Faultlines crack in Quick’s faction
The issue of whether the Lord’s Prayer should be dropped from Parliament has exposed deep ideological faultlines within Ian Quick’s faction.
Party members have taken to social media, expressing positions ranging from extreme christphobia to far right activism.
The Liberal Party values freedom but when the positions fall within the same faction, it exposes the true dysfunction and disunity that is unsustainable.
The Lord’s Prayer debate is not the first issue to bring out a variety of startlingly opposing opinions, as similar internal troubles were exposed during the Same Sex Marriage debate. There have also been discussions about freedom of religion in general, including the possibility of Federal legislation on the subject.
These views have come to such a head that Brad Roswell and James Paterson have decided to run a meeting to discuss them. Members reading between the lines will know where the factional faultlines run here.
In one online discussion, multiple members noted that Michael O’Brien has been a very weak leader, in the context of his silence on the Lord’s Prayer issue. Not coincidentally and characteristically, O’Brien reacted to the internal criticism and quickly made a public statement in support of the Lord’s Prayer, much to the chagrin of a portion of his own faction within the Liberal Party. That faction is Ian Quick’s faction.
Those against the Lord’s Prayer soon reacted, expressing their views that it should go. Consequently one party member wrote in response that some party members are “starting to sound just like Christian hater Fiona Patten”. Factional player Ben Reeson immediately went into action, going to town on the viewpoints being expressed.
“I disagree entirely,” wrote Reeson. “A free, secular society means we are free … I don’t think the state should ever be empowered to decide which faith or expression of it is correct.” That is, since the Lord’s Prayer is overtly of the Christian religion, it should be dropped.
Gladys Liu supporter Maria Ngo argued that separation of church and state is a lie.
Then on another Liberal Party social media group, hard left Ian Quick plant, Mikey Oram stated, “I didn’t realize the Liberal Party didn’t support separation of church and state.”
This led to a sharp response from one of Ian Quick’s factional branch stackers, Bill Rizopoulos, “Are you kidding? There is no separation of Church & State in this country.”
Mikey Oram then retaliated, “So your [sic] happy with – say a Muslim prayer? They have a God. A prayer to Zeus? He is a god. I agree though, the Constitution does need an update – take religious references out when we oust the Monarchist system. Anyway, are you planning to answer the question about justifying parliamentary prayer in an increasingly non Christian country?”
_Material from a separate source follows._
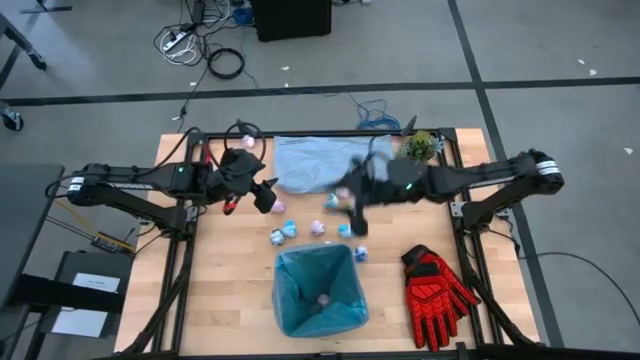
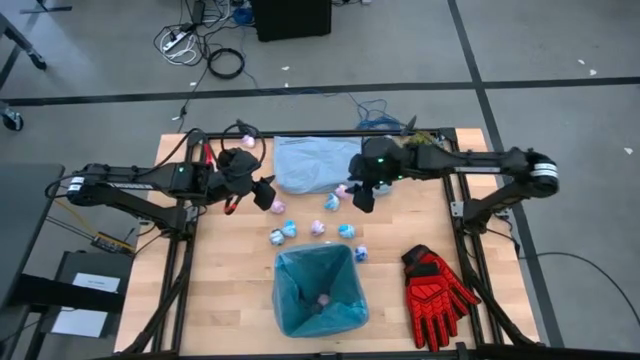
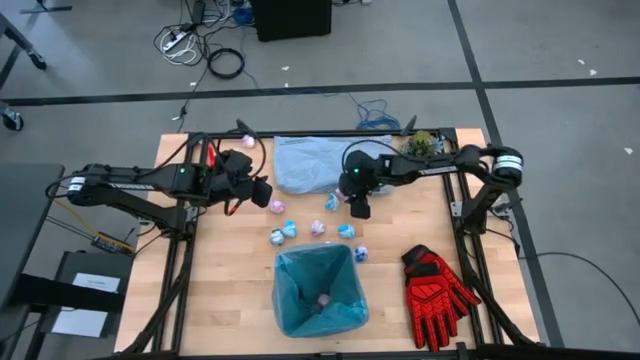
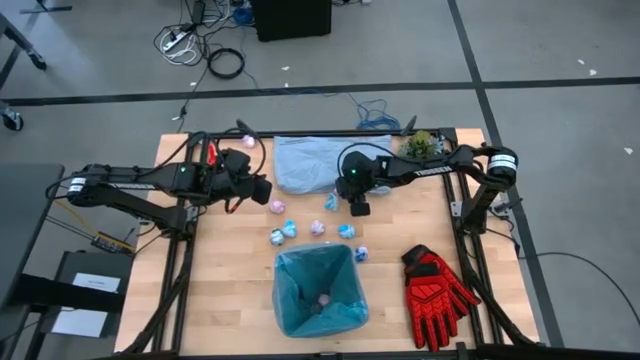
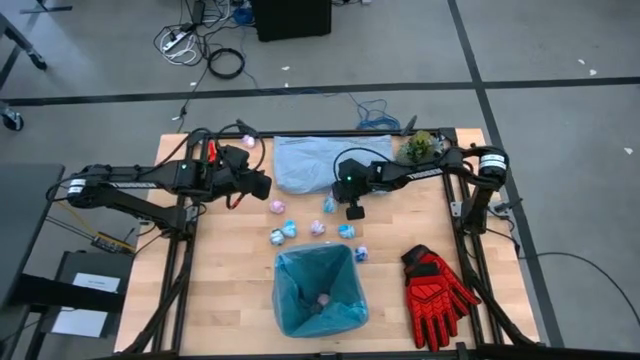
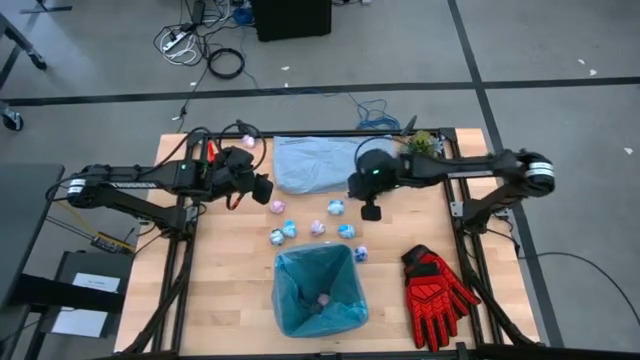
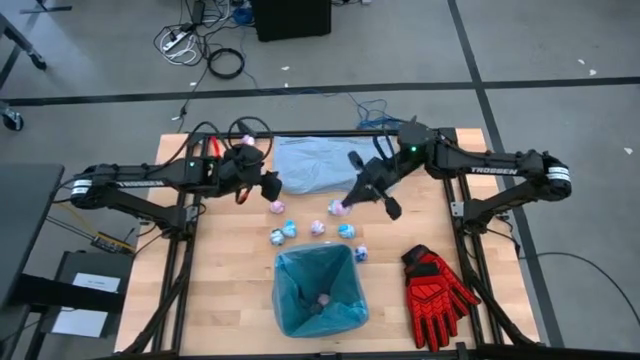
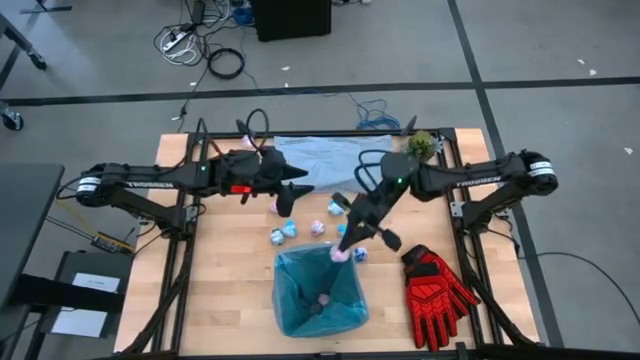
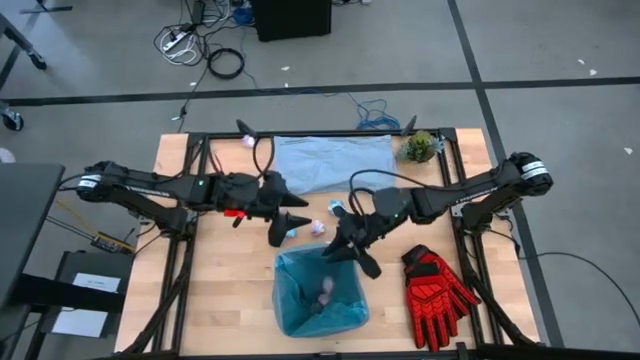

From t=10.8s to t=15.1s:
Put the pink crumbled trash bag into the trash bin

Oram also sarcastically told another person, “yep, that will help the Liberal Party represent more than 50% of people who are not Christian. Let’s force religious bias on them, that will not work.”
Ian Quick supporter and webpage admin Jan Millard then stepped in, “Mikey Oram and by your maths 50% are religious…”
By this stage Millard told her factional fellow travellers Rizopoulos and Oram, “Ease up! Libs should respect each other’s POV not sling derogatory terms around. Frankly as we are based on western-Judea [sic] principles no issue at all in retaining the Lord’s Prayer. (Plus I like history and preserving.) Seriously a long-standing Prayer cannot hurt you …”
Because apparently division within a faction can hurt you.